Gear Grinding/Nozzle Turnoff/Layer Shift

There was an intermittent issue that I’ve had with the stepper motors (particularly on the y axis, but occasionally on the x axis) moving unexpectedly, often running into the end stop and grinding the belt. When that happened, the hot end would turn off (causing the filament to stop flowing and just grind), and the printer would lose track of the hot end’s location (causing massive layer shifts), both of which ruined the print. I attacked this from a few different angles. Replacing the belts earlier in the process was part of one of the attempts, as I’ve had issues with slippage before, as well as just part of replacing older parts.

Stepper Motor Driver Tweaking:

Based on a recommendation I’ve gotten from some other people, I got a multimeter to check the stepper motor drivers, and a ceramic screwdriver to adjust the voltage. I’ve tried tweaking it a few times, but I didn’t really see any improvement.

Power Supply Replacement:

Upon other recommendations, I decided to try getting a replacement power supply. I’ve been told that the one that came with the printer is considered a really reliable brand, but since I’ve swapped out the power supply the printer seems to have stopped having that intermittent failure.

Finished

With all that finished… WOW. This older printer can now print better than my newer one! I now do all my more precise prints on this printer.

For a point of comparison, here’s the before photo of the temperature towers printed on this printer.

Absolute rubbish!

And here’s the miniatures that I’m able to print now! I’ve been running it a lot lately building up my miniatures collection.
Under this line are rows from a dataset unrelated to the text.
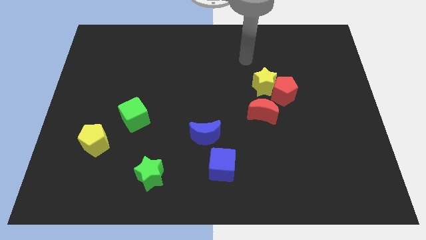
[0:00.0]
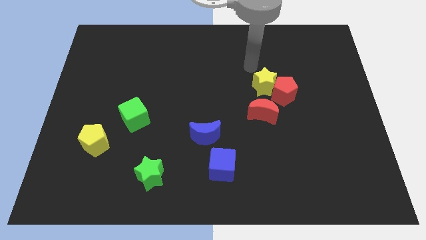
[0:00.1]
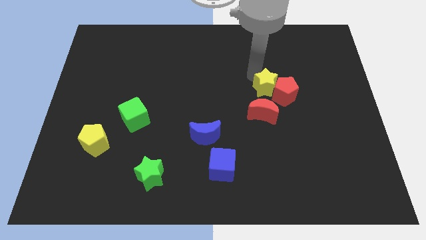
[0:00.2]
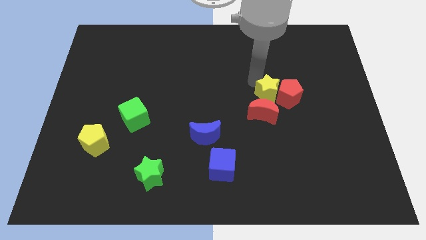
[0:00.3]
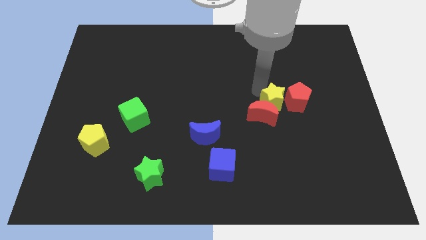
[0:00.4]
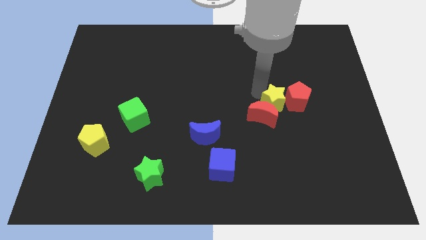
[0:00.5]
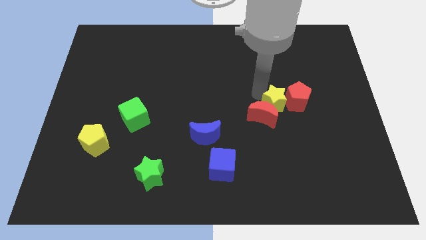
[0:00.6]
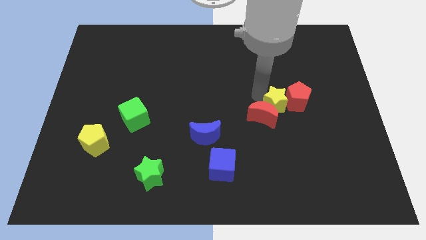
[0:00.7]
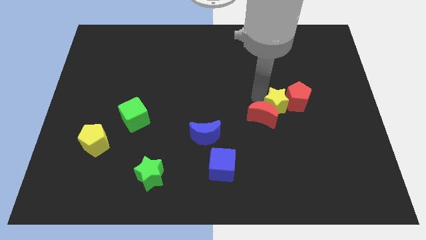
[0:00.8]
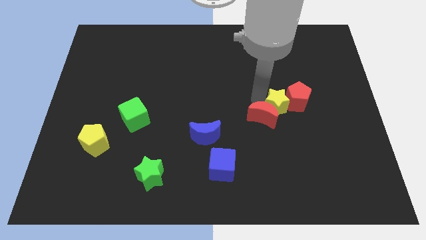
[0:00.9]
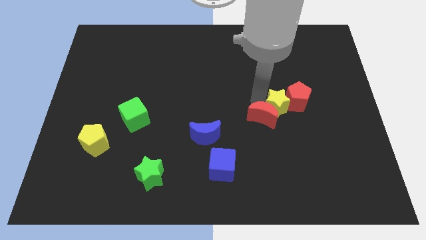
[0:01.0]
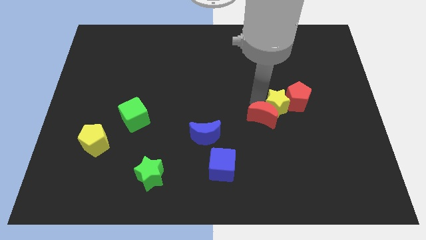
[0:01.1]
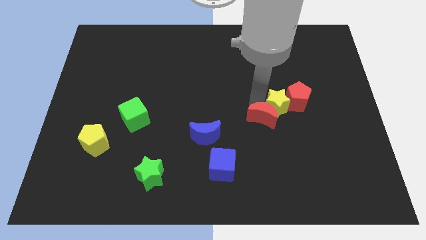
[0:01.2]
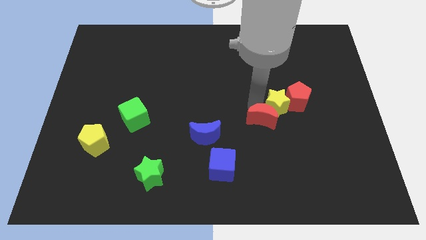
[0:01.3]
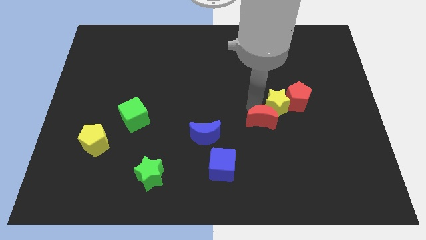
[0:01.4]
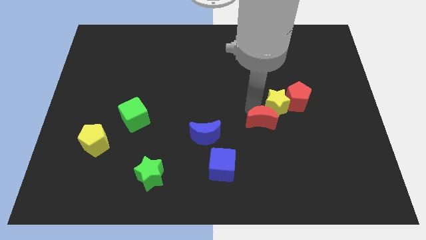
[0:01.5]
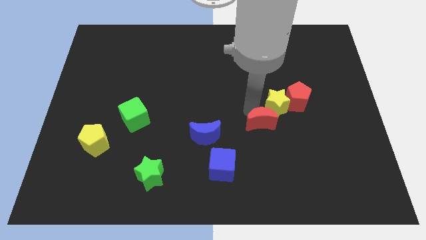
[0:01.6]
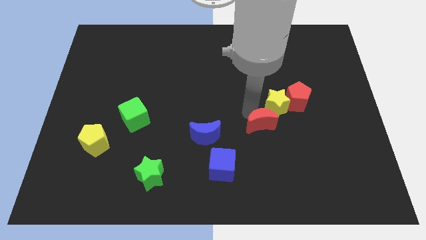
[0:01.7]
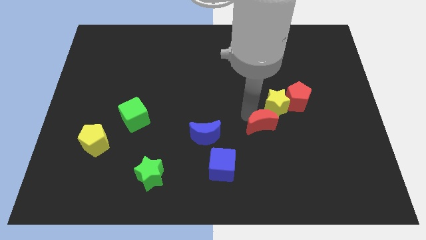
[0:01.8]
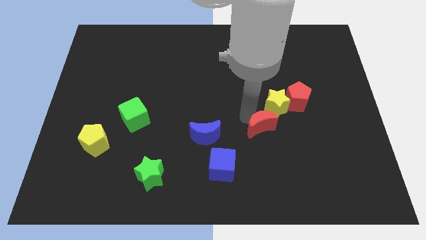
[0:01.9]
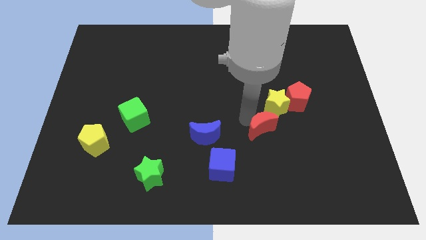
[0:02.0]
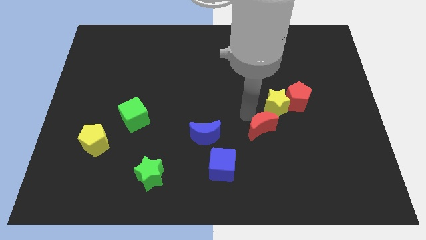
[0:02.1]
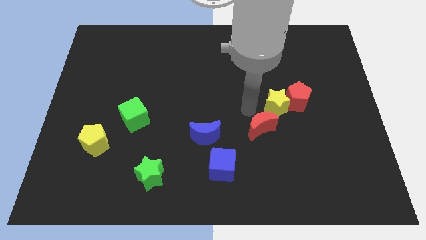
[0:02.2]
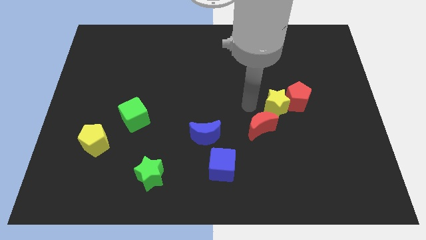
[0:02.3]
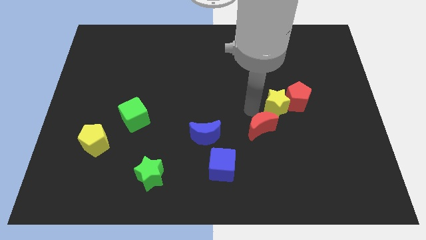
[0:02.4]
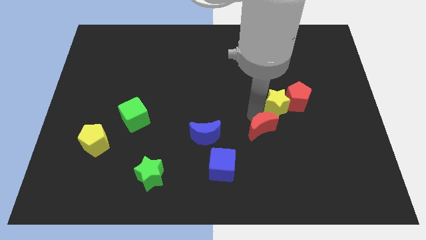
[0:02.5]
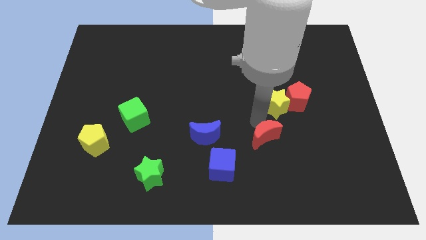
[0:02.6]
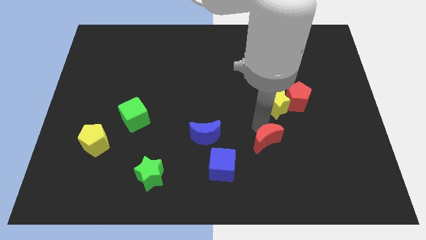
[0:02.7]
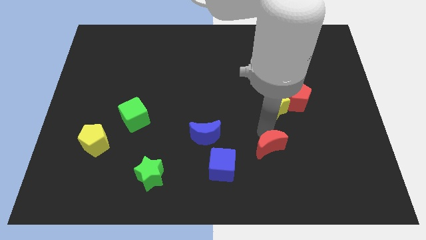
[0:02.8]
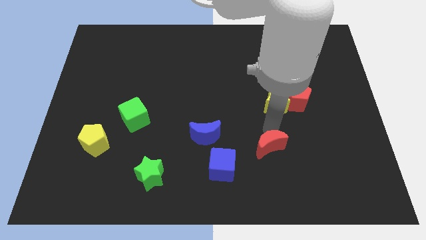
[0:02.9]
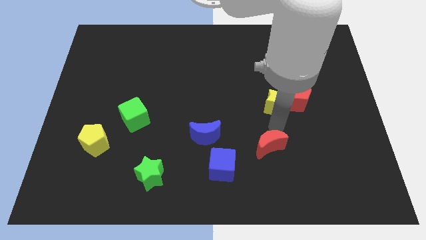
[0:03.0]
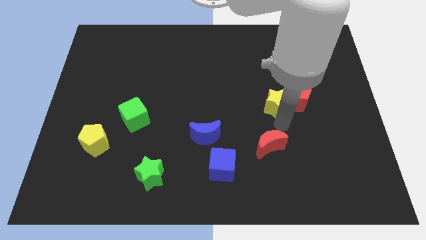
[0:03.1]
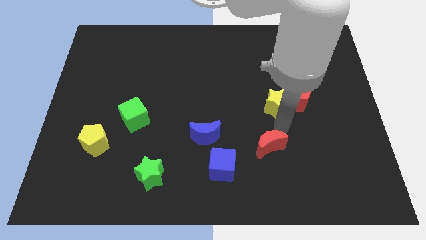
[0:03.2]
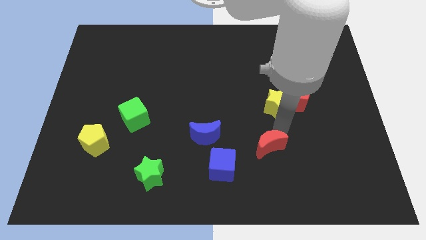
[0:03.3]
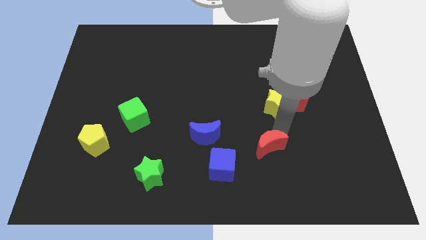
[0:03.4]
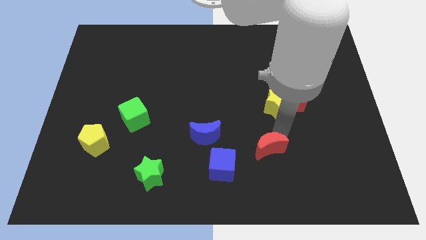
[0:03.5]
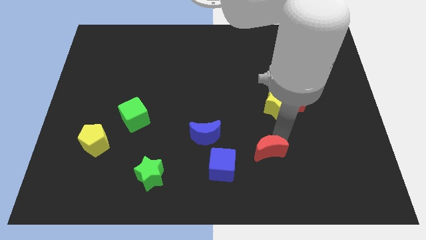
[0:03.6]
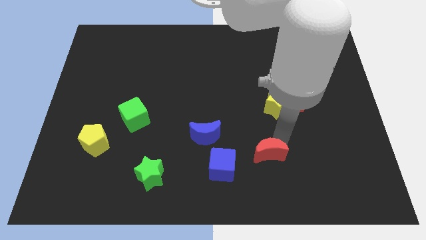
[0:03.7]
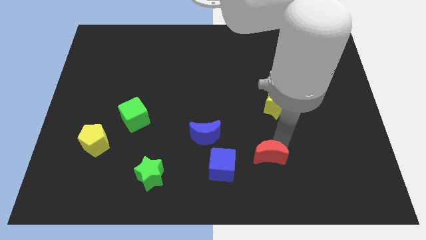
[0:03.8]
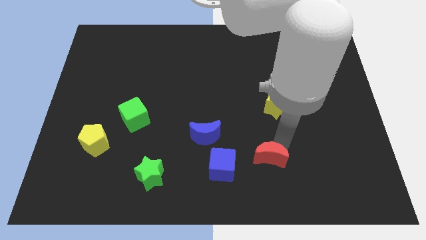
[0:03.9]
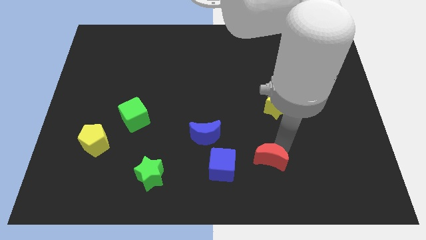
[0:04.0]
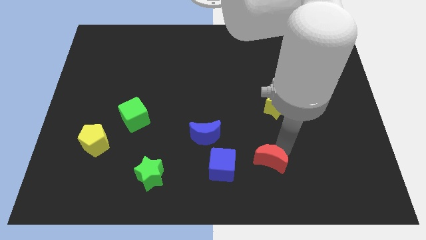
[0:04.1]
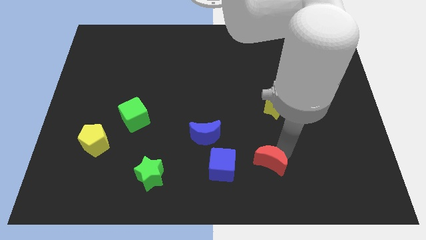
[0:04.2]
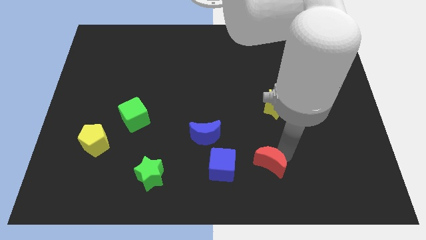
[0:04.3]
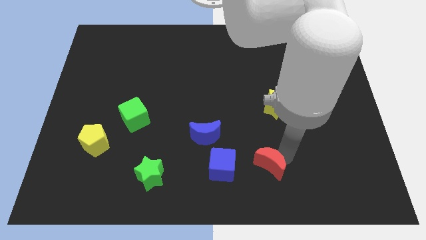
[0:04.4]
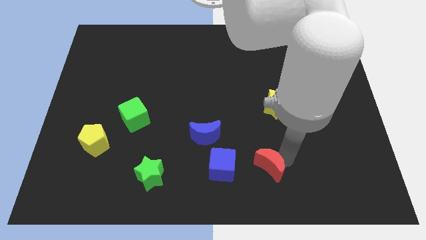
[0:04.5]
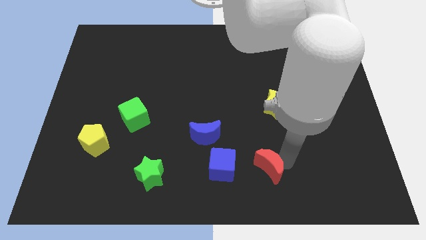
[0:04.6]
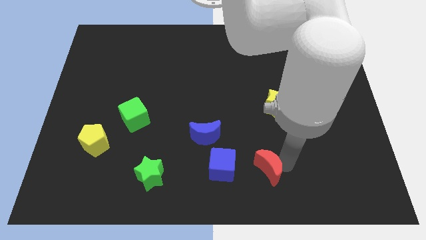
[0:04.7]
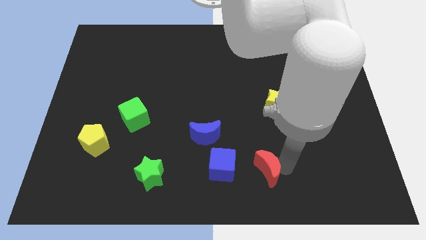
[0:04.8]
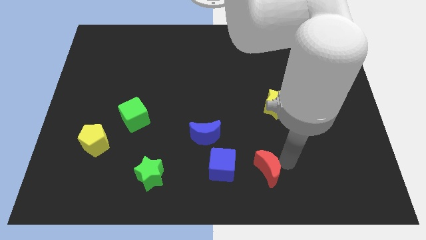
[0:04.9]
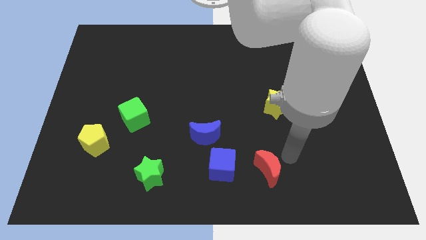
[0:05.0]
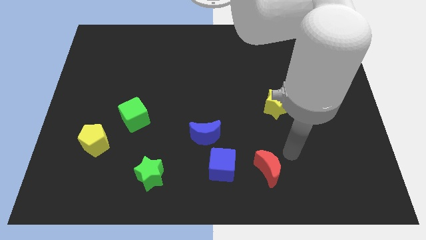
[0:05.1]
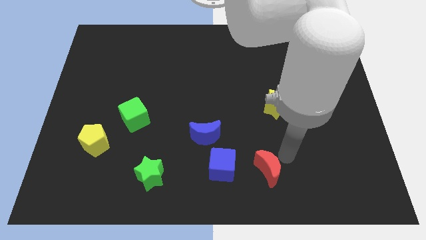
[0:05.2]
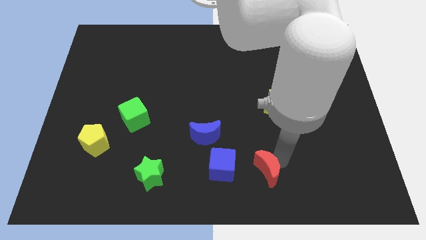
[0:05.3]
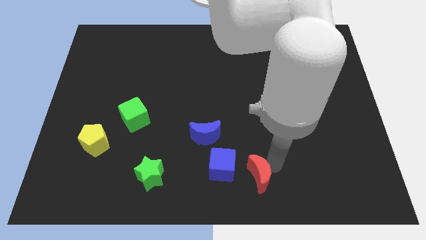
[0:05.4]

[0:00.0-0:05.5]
move the red moon to the bottom side

Thoughts/notes for the future:

If I run into issues on the hotend again, I think I may do what I’ve seen others do and switch to a more industry standard hotend, though that’d be an… interesting conversion process. It would make finding replacement parts a lot easier, though!
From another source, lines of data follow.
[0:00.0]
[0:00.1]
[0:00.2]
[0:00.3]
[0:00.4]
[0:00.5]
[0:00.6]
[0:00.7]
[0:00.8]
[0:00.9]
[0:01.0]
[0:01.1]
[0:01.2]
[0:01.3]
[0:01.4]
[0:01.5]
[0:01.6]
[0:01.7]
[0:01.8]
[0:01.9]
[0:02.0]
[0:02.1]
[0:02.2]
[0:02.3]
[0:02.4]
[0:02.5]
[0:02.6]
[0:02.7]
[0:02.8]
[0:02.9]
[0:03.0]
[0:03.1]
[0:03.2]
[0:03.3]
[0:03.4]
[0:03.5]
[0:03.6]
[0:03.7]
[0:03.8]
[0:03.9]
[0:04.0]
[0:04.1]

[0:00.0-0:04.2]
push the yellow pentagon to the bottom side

I think there is a little bit of a bed level issue, still, and I’m not sure how much is in the tramming and how much is in the metal bed I placed on it. It may be related to how I mounted the bed with command strips.

For now I’m printing mostly small items. When I print larger items I get a bit of warping, so I think I need to remember to implement brims on the larger ones. I’m not sure how much is due to the unheated bed, and how much from variations in leveling. And no, I’m not considering adding a heated bed anytime soon. From what I’ve read, trying to do a DIY heated bed increases the fire risk more than I am comfortable with.

At one point I was considering replacing the z-axis screws with thicker ones, but the manufacturer used a nonstandard interface piece (it had 3 holes instead of the standard 4), so I couldn’t easily swap them out without also having to print and install completely new blocks at the ends. This is the kind of nonsense that makes me want to scratch build a printer on my own down the line, with an eye for maintenance and using industry standard parts.

Anyway, I guess I’ve got to start working on the other printer soon to bring up the quality level on it! It feels kinda weird that my older and larger printer is currently better at producing the smaller miniatures. I need to address this imbalance, so I can print smaller things on the smaller printer and larger things on the larger printer.